[Dataset records]
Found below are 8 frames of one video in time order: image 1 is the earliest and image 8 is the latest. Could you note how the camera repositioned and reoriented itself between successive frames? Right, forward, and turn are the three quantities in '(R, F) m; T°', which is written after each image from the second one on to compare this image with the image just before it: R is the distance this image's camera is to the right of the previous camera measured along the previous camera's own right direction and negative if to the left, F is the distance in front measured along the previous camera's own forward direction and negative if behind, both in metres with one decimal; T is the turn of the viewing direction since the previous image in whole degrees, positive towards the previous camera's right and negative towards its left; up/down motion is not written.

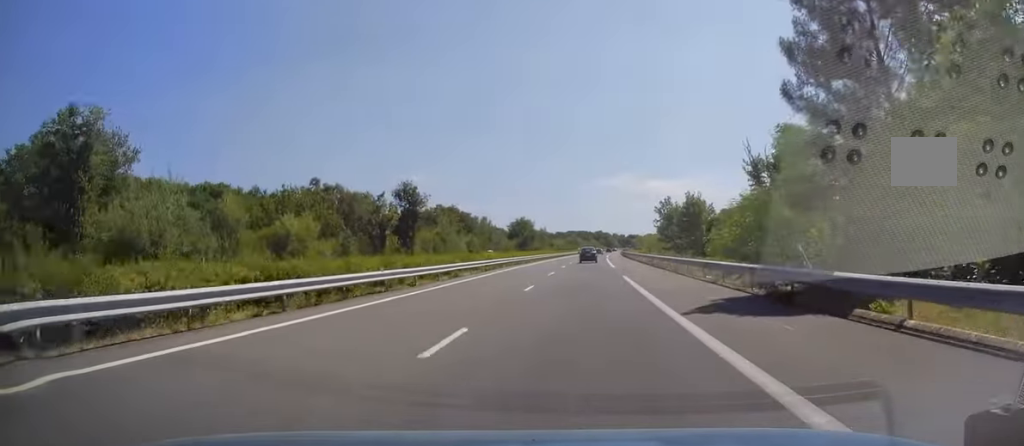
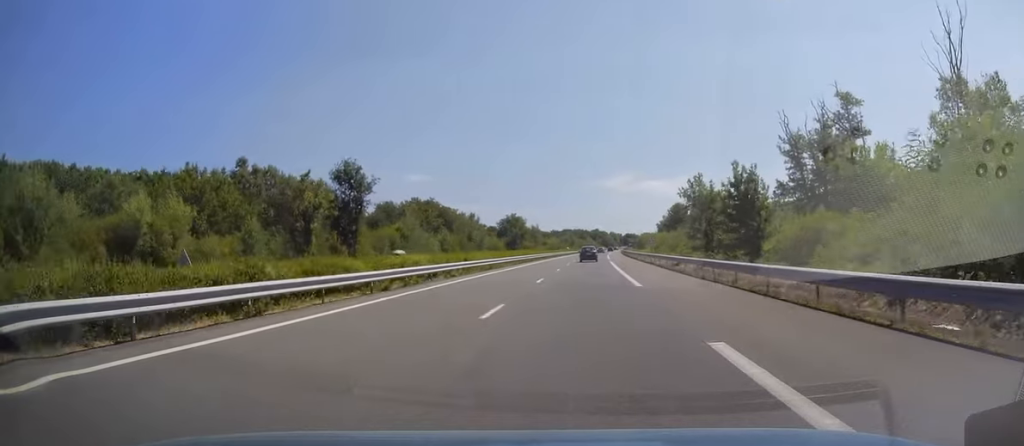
(0.0, +21.6) m; +1°
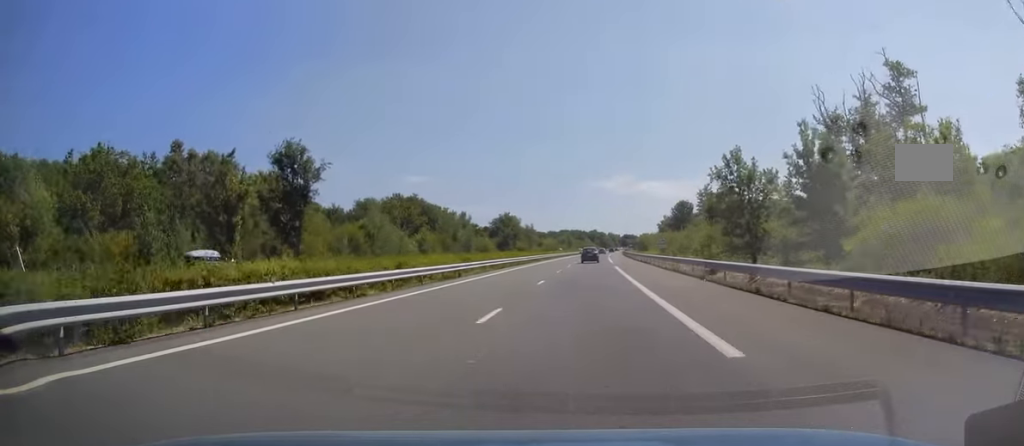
(+0.2, +13.8) m; 0°
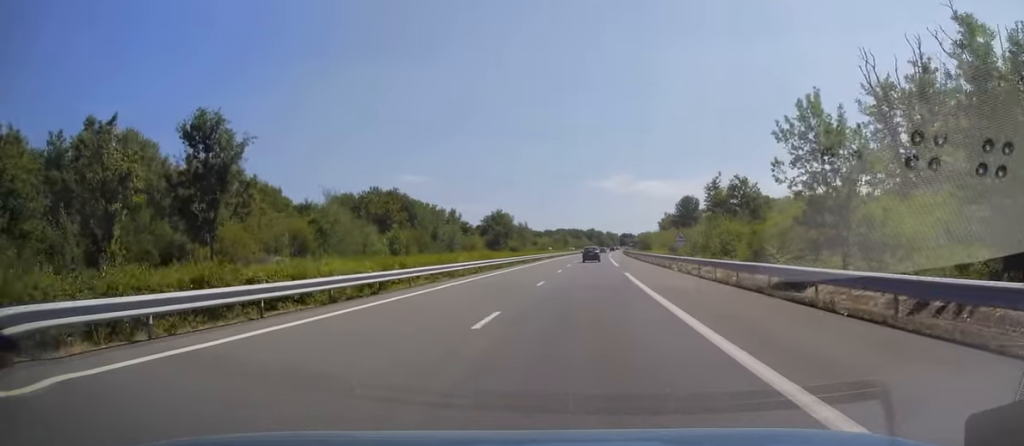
(+0.1, +13.7) m; 0°
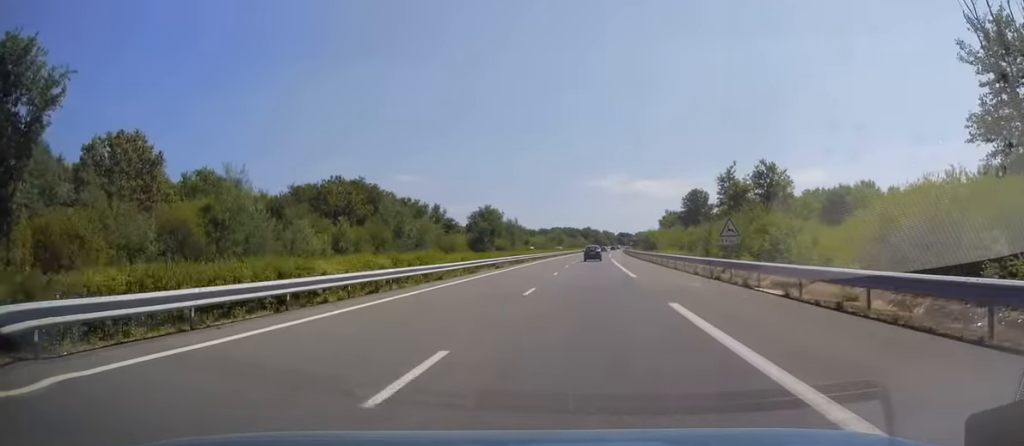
(0.0, +18.7) m; 0°
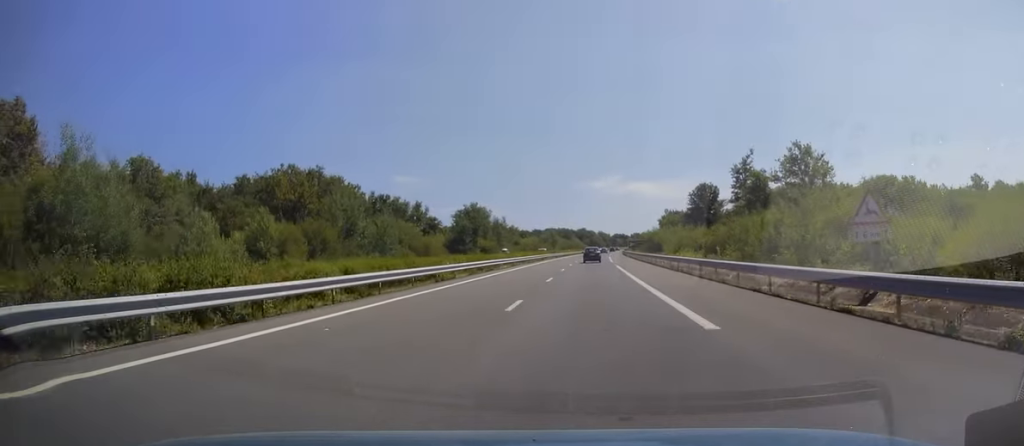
(0.0, +17.2) m; 0°
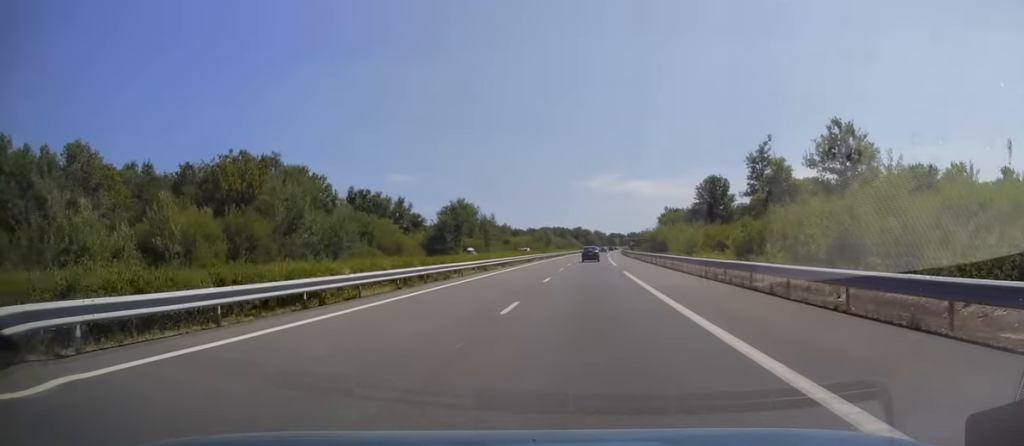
(-0.1, +13.8) m; 0°
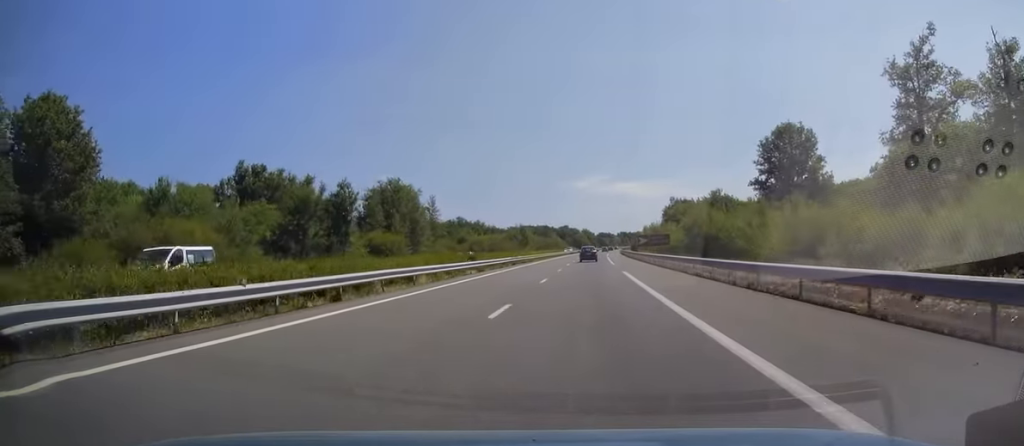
(+0.8, +53.1) m; +2°

◆ **About this exercise**: Your task is to return every entry exactly as it was written, with the pictures removed.

◆ **Answer section**:
Found below are 8 frames of one video in time order: image 1 is the earliest and image 8 is the latest. Could you note how the camera repositioned and reoriented itself between successive frames? Right, forward, and turn are the three quantities in '(R, F) m; T°', which is written after each image from the second one on to compare this image with the image just before it: R is the distance this image's camera is to the right of the previous camera measured along the previous camera's own right direction and negative if to the left, F is the distance in front measured along the previous camera's own forward direction and negative if behind, both in metres with one decimal; T is the turn of the viewing direction since the previous image in whole degrees, positive towards the previous camera's right and negative towards its left; up/down motion is not written.

(0.0, +21.6) m; +1°
(+0.2, +13.8) m; 0°
(+0.1, +13.7) m; 0°
(0.0, +18.7) m; 0°
(0.0, +17.2) m; 0°
(-0.1, +13.8) m; 0°
(+0.8, +53.1) m; +2°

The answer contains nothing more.